Wednesday, October 12, 2011

Alone With...Thoughts

It can be a dangerous place to be...alone with your thoughts.  Most of the time, however, I look forward to these nights when it's just me and my thoughts.  As other things have crowded into my mind, I have kind of put the thoughts of the surgery on the back burner in my brain.  However, it's still there.  And I have been thinking about when it comes up.


I wasn't really prepared for the mixture of reactions that I received when I first began telling people of my decision for weight loss surgery.  I had only heard mainly positive things about the surgery and I've SEEN many positive things in the people I know who have had it.  I began hearing stories of complications and of weight gained back after so much was lost.  I began hearing tales of sugar-less diets and serious food restrictions.  And these things have settled in my mind a bit.  But only a bit.  The people who told me these things are people I love dearly and I value their opinions very much.  Even so...when it comes down to it, the decision has to be my own and it has to be something that I know I will be able to live with for the rest of my life.  So, I've come up with several "facts" for myself.


1.  Regarding the food restrictions...I have been heavy for most of my life.  The food I eat is mainly what got me to this place.  Of course I enjoy desserts (probably more than anyone I know, actually) and I will miss indulging in them on a "regular" basis.  But, that doesn't mean I won't be able to indulge.  I will have to indulge differently.  Someone I know who had the surgery offered me a sugar-less brownie the other day and it was delicious.  I could eat that in place of my regular sweets.  I'm sure there are many things that I can substitute for the Resee's Peanut Butter Cups I love so much.  But eating that way is what got me to where I am.  I don't want to be this weight anymore.  I want to be different and BETTER than I am now, physically.  Those things have to go anyway.  And it's going to take something drastic changing in my life in order for me to have the will power to put them down.  You can encourage me all day long.  I appreciate the encouragement.  But at the end of the day, I WILL hide in my van and eat something I shouldn't eat because I can.  I've lived with myself for 35 years.  I know me.  And I know what I'm capable of.


2.  Food isn't all it's cracked up to be.  I mean, sure it's great and some of it is REALLY great and it sustains us.  It is certainly a gift from God.  Especially those Resee's Cups.  But, it's not the be-all, end-all.  It's not GOD and it's not to be placed in such a place of importance in our lives.  Will I live if I never eat another Resee's Cup?  Yes, I will.  I will live BETTER.  Food (at times in the past) has become an "idol" of sorts in my life.  That's not something I'm proud of.  But it's the truth.  


3.  Regaining the weight back.  Dr.
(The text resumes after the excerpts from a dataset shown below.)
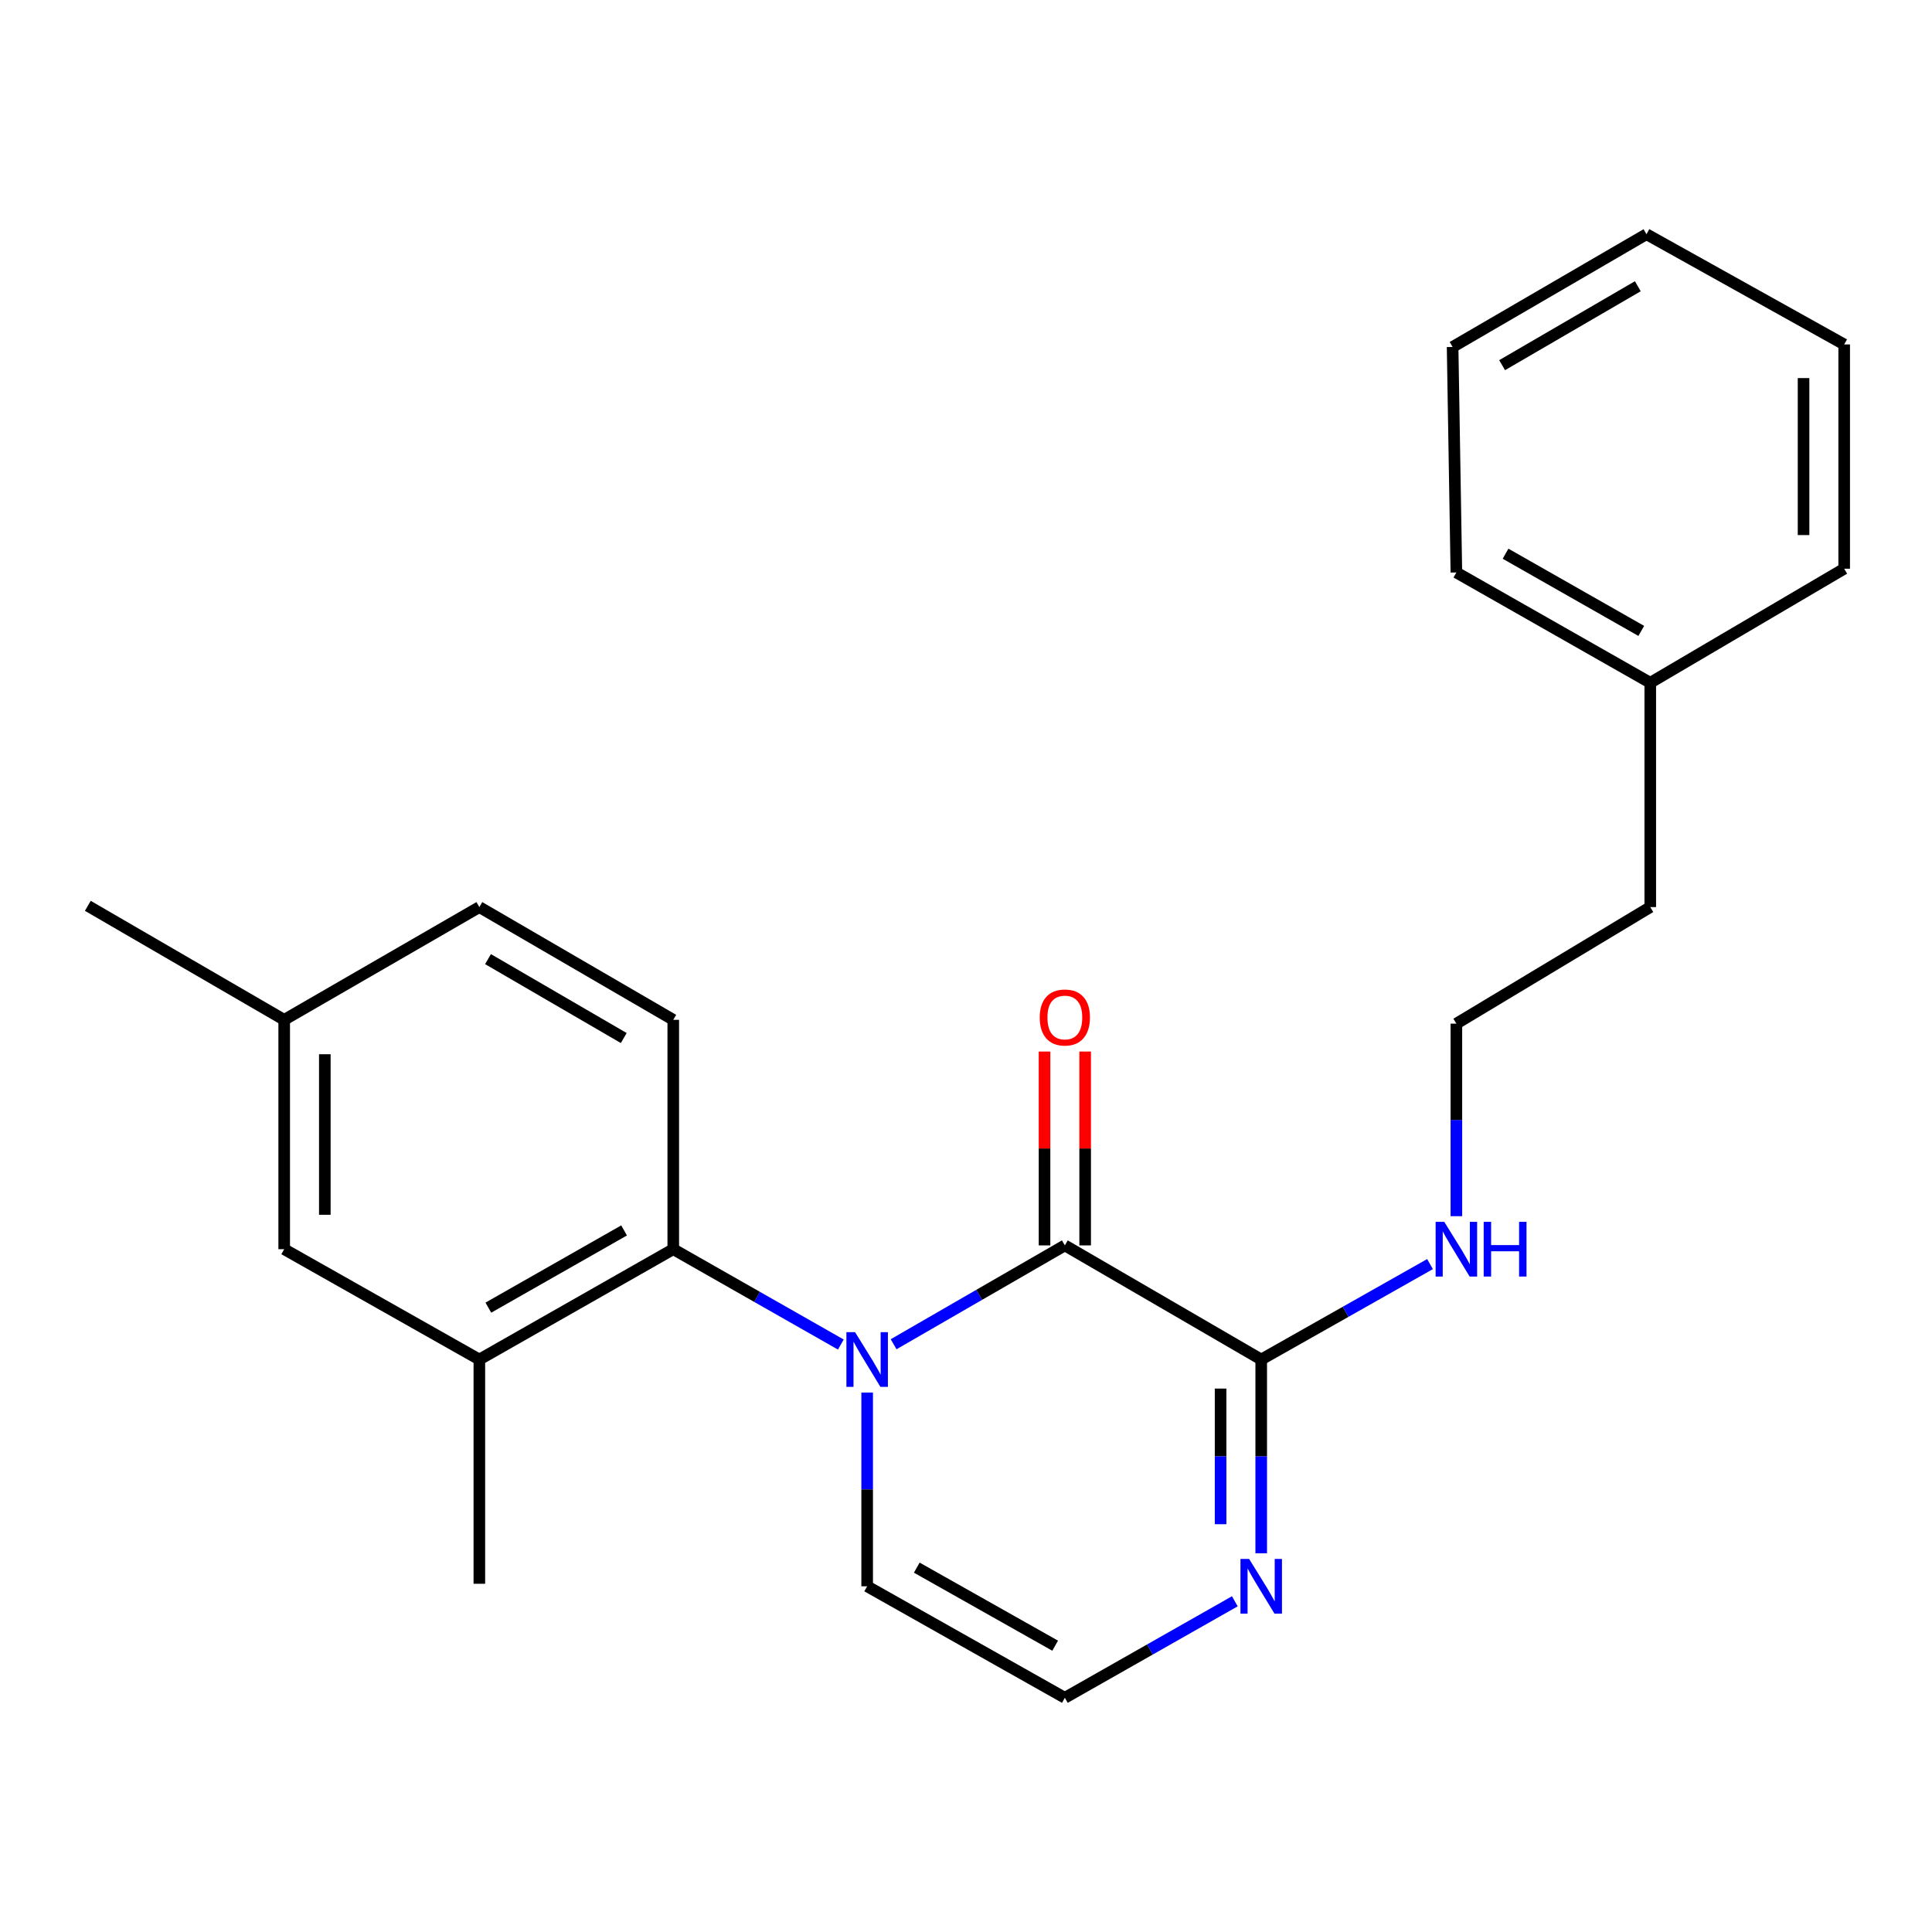 <?xml version='1.0' encoding='iso-8859-1'?>
<svg version='1.1' baseProfile='full'
              xmlns='http://www.w3.org/2000/svg'
                      xmlns:rdkit='http://www.rdkit.org/xml'
                      xmlns:xlink='http://www.w3.org/1999/xlink'
                  xml:space='preserve'
width='1000px' height='1000px' viewBox='0 0 1000 1000'>
<!-- END OF HEADER -->
<rect style='opacity:1.0;fill:#FFFFFF;stroke:none' width='1000' height='1000' x='0' y='0'> </rect>
<path class='bond-0' d='M 462.533,695.779 L 506.847,670.197' style='fill:none;fill-rule:evenodd;stroke:#0000FF;stroke-width:6px;stroke-linecap:butt;stroke-linejoin:miter;stroke-opacity:1' />
<path class='bond-0' d='M 506.847,670.197 L 551.161,644.614' style='fill:none;fill-rule:evenodd;stroke:#000000;stroke-width:6px;stroke-linecap:butt;stroke-linejoin:miter;stroke-opacity:1' />
<path class='bond-1' d='M 435.213,695.93 L 391.847,671.254' style='fill:none;fill-rule:evenodd;stroke:#0000FF;stroke-width:6px;stroke-linecap:butt;stroke-linejoin:miter;stroke-opacity:1' />
<path class='bond-1' d='M 391.847,671.254 L 348.481,646.577' style='fill:none;fill-rule:evenodd;stroke:#000000;stroke-width:6px;stroke-linecap:butt;stroke-linejoin:miter;stroke-opacity:1' />
<path class='bond-5' d='M 448.839,720.779 L 448.839,770.922' style='fill:none;fill-rule:evenodd;stroke:#0000FF;stroke-width:6px;stroke-linecap:butt;stroke-linejoin:miter;stroke-opacity:1' />
<path class='bond-5' d='M 448.839,770.922 L 448.839,821.065' style='fill:none;fill-rule:evenodd;stroke:#000000;stroke-width:6px;stroke-linecap:butt;stroke-linejoin:miter;stroke-opacity:1' />
<path class='bond-2' d='M 551.161,644.614 L 652.804,703.684' style='fill:none;fill-rule:evenodd;stroke:#000000;stroke-width:6px;stroke-linecap:butt;stroke-linejoin:miter;stroke-opacity:1' />
<path class='bond-8' d='M 561.675,644.614 L 561.675,594.446' style='fill:none;fill-rule:evenodd;stroke:#000000;stroke-width:6px;stroke-linecap:butt;stroke-linejoin:miter;stroke-opacity:1' />
<path class='bond-8' d='M 561.675,594.446 L 561.675,544.279' style='fill:none;fill-rule:evenodd;stroke:#FF0000;stroke-width:6px;stroke-linecap:butt;stroke-linejoin:miter;stroke-opacity:1' />
<path class='bond-8' d='M 540.646,644.614 L 540.646,594.446' style='fill:none;fill-rule:evenodd;stroke:#000000;stroke-width:6px;stroke-linecap:butt;stroke-linejoin:miter;stroke-opacity:1' />
<path class='bond-8' d='M 540.646,594.446 L 540.646,544.279' style='fill:none;fill-rule:evenodd;stroke:#FF0000;stroke-width:6px;stroke-linecap:butt;stroke-linejoin:miter;stroke-opacity:1' />
<path class='bond-4' d='M 348.481,646.577 L 248.111,703.684' style='fill:none;fill-rule:evenodd;stroke:#000000;stroke-width:6px;stroke-linecap:butt;stroke-linejoin:miter;stroke-opacity:1' />
<path class='bond-4' d='M 323.026,636.865 L 252.767,676.84' style='fill:none;fill-rule:evenodd;stroke:#000000;stroke-width:6px;stroke-linecap:butt;stroke-linejoin:miter;stroke-opacity:1' />
<path class='bond-7' d='M 348.481,646.577 L 348.481,527.864' style='fill:none;fill-rule:evenodd;stroke:#000000;stroke-width:6px;stroke-linecap:butt;stroke-linejoin:miter;stroke-opacity:1' />
<path class='bond-10' d='M 652.804,703.684 L 696.49,678.987' style='fill:none;fill-rule:evenodd;stroke:#000000;stroke-width:6px;stroke-linecap:butt;stroke-linejoin:miter;stroke-opacity:1' />
<path class='bond-10' d='M 696.49,678.987 L 740.176,654.289' style='fill:none;fill-rule:evenodd;stroke:#0000FF;stroke-width:6px;stroke-linecap:butt;stroke-linejoin:miter;stroke-opacity:1' />
<path class='bond-23' d='M 652.804,703.684 L 652.804,753.828' style='fill:none;fill-rule:evenodd;stroke:#000000;stroke-width:6px;stroke-linecap:butt;stroke-linejoin:miter;stroke-opacity:1' />
<path class='bond-23' d='M 652.804,753.828 L 652.804,803.971' style='fill:none;fill-rule:evenodd;stroke:#0000FF;stroke-width:6px;stroke-linecap:butt;stroke-linejoin:miter;stroke-opacity:1' />
<path class='bond-23' d='M 631.774,718.727 L 631.774,753.828' style='fill:none;fill-rule:evenodd;stroke:#000000;stroke-width:6px;stroke-linecap:butt;stroke-linejoin:miter;stroke-opacity:1' />
<path class='bond-23' d='M 631.774,753.828 L 631.774,788.928' style='fill:none;fill-rule:evenodd;stroke:#0000FF;stroke-width:6px;stroke-linecap:butt;stroke-linejoin:miter;stroke-opacity:1' />
<path class='bond-3' d='M 639.142,828.823 L 595.151,853.801' style='fill:none;fill-rule:evenodd;stroke:#0000FF;stroke-width:6px;stroke-linecap:butt;stroke-linejoin:miter;stroke-opacity:1' />
<path class='bond-3' d='M 595.151,853.801 L 551.161,878.78' style='fill:none;fill-rule:evenodd;stroke:#000000;stroke-width:6px;stroke-linecap:butt;stroke-linejoin:miter;stroke-opacity:1' />
<path class='bond-9' d='M 248.111,703.684 L 147.098,646.577' style='fill:none;fill-rule:evenodd;stroke:#000000;stroke-width:6px;stroke-linecap:butt;stroke-linejoin:miter;stroke-opacity:1' />
<path class='bond-15' d='M 248.111,703.684 L 248.111,819.757' style='fill:none;fill-rule:evenodd;stroke:#000000;stroke-width:6px;stroke-linecap:butt;stroke-linejoin:miter;stroke-opacity:1' />
<path class='bond-6' d='M 448.839,821.065 L 551.161,878.78' style='fill:none;fill-rule:evenodd;stroke:#000000;stroke-width:6px;stroke-linecap:butt;stroke-linejoin:miter;stroke-opacity:1' />
<path class='bond-6' d='M 474.519,811.406 L 546.144,851.806' style='fill:none;fill-rule:evenodd;stroke:#000000;stroke-width:6px;stroke-linecap:butt;stroke-linejoin:miter;stroke-opacity:1' />
<path class='bond-11' d='M 348.481,527.864 L 248.111,469.507' style='fill:none;fill-rule:evenodd;stroke:#000000;stroke-width:6px;stroke-linecap:butt;stroke-linejoin:miter;stroke-opacity:1' />
<path class='bond-11' d='M 322.855,537.291 L 252.596,496.441' style='fill:none;fill-rule:evenodd;stroke:#000000;stroke-width:6px;stroke-linecap:butt;stroke-linejoin:miter;stroke-opacity:1' />
<path class='bond-24' d='M 147.098,646.577 L 147.098,527.864' style='fill:none;fill-rule:evenodd;stroke:#000000;stroke-width:6px;stroke-linecap:butt;stroke-linejoin:miter;stroke-opacity:1' />
<path class='bond-24' d='M 168.128,628.77 L 168.128,545.671' style='fill:none;fill-rule:evenodd;stroke:#000000;stroke-width:6px;stroke-linecap:butt;stroke-linejoin:miter;stroke-opacity:1' />
<path class='bond-13' d='M 753.817,629.499 L 753.817,579.669' style='fill:none;fill-rule:evenodd;stroke:#0000FF;stroke-width:6px;stroke-linecap:butt;stroke-linejoin:miter;stroke-opacity:1' />
<path class='bond-13' d='M 753.817,579.669 L 753.817,529.839' style='fill:none;fill-rule:evenodd;stroke:#000000;stroke-width:6px;stroke-linecap:butt;stroke-linejoin:miter;stroke-opacity:1' />
<path class='bond-12' d='M 248.111,469.507 L 147.098,527.864' style='fill:none;fill-rule:evenodd;stroke:#000000;stroke-width:6px;stroke-linecap:butt;stroke-linejoin:miter;stroke-opacity:1' />
<path class='bond-17' d='M 147.098,527.864 L 45.455,468.853' style='fill:none;fill-rule:evenodd;stroke:#000000;stroke-width:6px;stroke-linecap:butt;stroke-linejoin:miter;stroke-opacity:1' />
<path class='bond-16' d='M 753.817,529.839 L 854.175,469.507' style='fill:none;fill-rule:evenodd;stroke:#000000;stroke-width:6px;stroke-linecap:butt;stroke-linejoin:miter;stroke-opacity:1' />
<path class='bond-14' d='M 854.175,353.4 L 854.175,469.507' style='fill:none;fill-rule:evenodd;stroke:#000000;stroke-width:6px;stroke-linecap:butt;stroke-linejoin:miter;stroke-opacity:1' />
<path class='bond-18' d='M 854.175,353.4 L 753.817,296.316' style='fill:none;fill-rule:evenodd;stroke:#000000;stroke-width:6px;stroke-linecap:butt;stroke-linejoin:miter;stroke-opacity:1' />
<path class='bond-18' d='M 849.519,326.557 L 779.268,286.599' style='fill:none;fill-rule:evenodd;stroke:#000000;stroke-width:6px;stroke-linecap:butt;stroke-linejoin:miter;stroke-opacity:1' />
<path class='bond-19' d='M 854.175,353.4 L 954.545,294.365' style='fill:none;fill-rule:evenodd;stroke:#000000;stroke-width:6px;stroke-linecap:butt;stroke-linejoin:miter;stroke-opacity:1' />
<path class='bond-21' d='M 753.817,296.316 L 751.866,179.589' style='fill:none;fill-rule:evenodd;stroke:#000000;stroke-width:6px;stroke-linecap:butt;stroke-linejoin:miter;stroke-opacity:1' />
<path class='bond-20' d='M 954.545,294.365 L 954.545,178.281' style='fill:none;fill-rule:evenodd;stroke:#000000;stroke-width:6px;stroke-linecap:butt;stroke-linejoin:miter;stroke-opacity:1' />
<path class='bond-20' d='M 933.516,276.952 L 933.516,195.693' style='fill:none;fill-rule:evenodd;stroke:#000000;stroke-width:6px;stroke-linecap:butt;stroke-linejoin:miter;stroke-opacity:1' />
<path class='bond-22' d='M 954.545,178.281 L 852.213,121.22' style='fill:none;fill-rule:evenodd;stroke:#000000;stroke-width:6px;stroke-linecap:butt;stroke-linejoin:miter;stroke-opacity:1' />
<path class='bond-25' d='M 751.866,179.589 L 852.213,121.22' style='fill:none;fill-rule:evenodd;stroke:#000000;stroke-width:6px;stroke-linecap:butt;stroke-linejoin:miter;stroke-opacity:1' />
<path class='bond-25' d='M 777.492,189.012 L 847.734,148.153' style='fill:none;fill-rule:evenodd;stroke:#000000;stroke-width:6px;stroke-linecap:butt;stroke-linejoin:miter;stroke-opacity:1' />
<path  class='atom-0' d='M 442.579 689.524
L 451.859 704.524
Q 452.779 706.004, 454.259 708.684
Q 455.739 711.364, 455.819 711.524
L 455.819 689.524
L 459.579 689.524
L 459.579 717.844
L 455.699 717.844
L 445.739 701.444
Q 444.579 699.524, 443.339 697.324
Q 442.139 695.124, 441.779 694.444
L 441.779 717.844
L 438.099 717.844
L 438.099 689.524
L 442.579 689.524
' fill='#0000FF'/>
<path  class='atom-4' d='M 646.544 806.905
L 655.824 821.905
Q 656.744 823.385, 658.224 826.065
Q 659.704 828.745, 659.784 828.905
L 659.784 806.905
L 663.544 806.905
L 663.544 835.225
L 659.664 835.225
L 649.704 818.825
Q 648.544 816.905, 647.304 814.705
Q 646.104 812.505, 645.744 811.825
L 645.744 835.225
L 642.064 835.225
L 642.064 806.905
L 646.544 806.905
' fill='#0000FF'/>
<path  class='atom-9' d='M 538.161 526.648
Q 538.161 519.848, 541.521 516.048
Q 544.881 512.248, 551.161 512.248
Q 557.441 512.248, 560.801 516.048
Q 564.161 519.848, 564.161 526.648
Q 564.161 533.528, 560.761 537.448
Q 557.361 541.328, 551.161 541.328
Q 544.921 541.328, 541.521 537.448
Q 538.161 533.568, 538.161 526.648
M 551.161 538.128
Q 555.481 538.128, 557.801 535.248
Q 560.161 532.328, 560.161 526.648
Q 560.161 521.088, 557.801 518.288
Q 555.481 515.448, 551.161 515.448
Q 546.841 515.448, 544.481 518.248
Q 542.161 521.048, 542.161 526.648
Q 542.161 532.368, 544.481 535.248
Q 546.841 538.128, 551.161 538.128
' fill='#FF0000'/>
<path  class='atom-11' d='M 747.557 632.417
L 756.837 647.417
Q 757.757 648.897, 759.237 651.577
Q 760.717 654.257, 760.797 654.417
L 760.797 632.417
L 764.557 632.417
L 764.557 660.737
L 760.677 660.737
L 750.717 644.337
Q 749.557 642.417, 748.317 640.217
Q 747.117 638.017, 746.757 637.337
L 746.757 660.737
L 743.077 660.737
L 743.077 632.417
L 747.557 632.417
' fill='#0000FF'/>
<path  class='atom-11' d='M 767.957 632.417
L 771.797 632.417
L 771.797 644.457
L 786.277 644.457
L 786.277 632.417
L 790.117 632.417
L 790.117 660.737
L 786.277 660.737
L 786.277 647.657
L 771.797 647.657
L 771.797 660.737
L 767.957 660.737
L 767.957 632.417
' fill='#0000FF'/>
</svg>

Alley said that people who regain the weight back are the people who don't stick to the diet/program.  They don't exercise and they don't eat right.  And they usually don't come to their appointments.  It makes sense that if you don't do what they tell you to do, you will suffer the consequences.  I don't intend for that to be me.  I'm not going through this just so I can end up looking bad again.  


4.  This is something that I have to do for myself.  I know many people might not understand it.  But that's because you're not ME.  I've given this a lot of thought for about a year now.  I can't begin to explain to you the pain that five herniated disks causes me at times.  I can't tell you how I wish just for one day that I had someone else's feet so that I could just walk without feeling pain.  That first step in the morning is so painful sometimes I just want to scream.  


This is just three of the "facts" I have come up with.  And it's getting later so my mind is getting foggier.  A family member who had the surgery told me that this is what she told people who tried to talk her out of having the surgery:  "I politely informed them that I was doing this for myself, and nobody could talk me out of it. Don't let anybody change your mind. Only you and 
your doctor should make the decision for your health."


I do hope that if you're reading this and you don't agree with me having the surgery that you understand that it IS my decision.  It is a decision I have made for myself.  And I intend to go through with it and have amazing results so that I can live a fuller life.  That is my ultimate goal.  It's not to go against anyone's advice or make anyone mad or do something really drastic.  It's to change my life.  I hope that makes sense and I hope that all of you that love me can respect that and come along side me as I continue in this journey.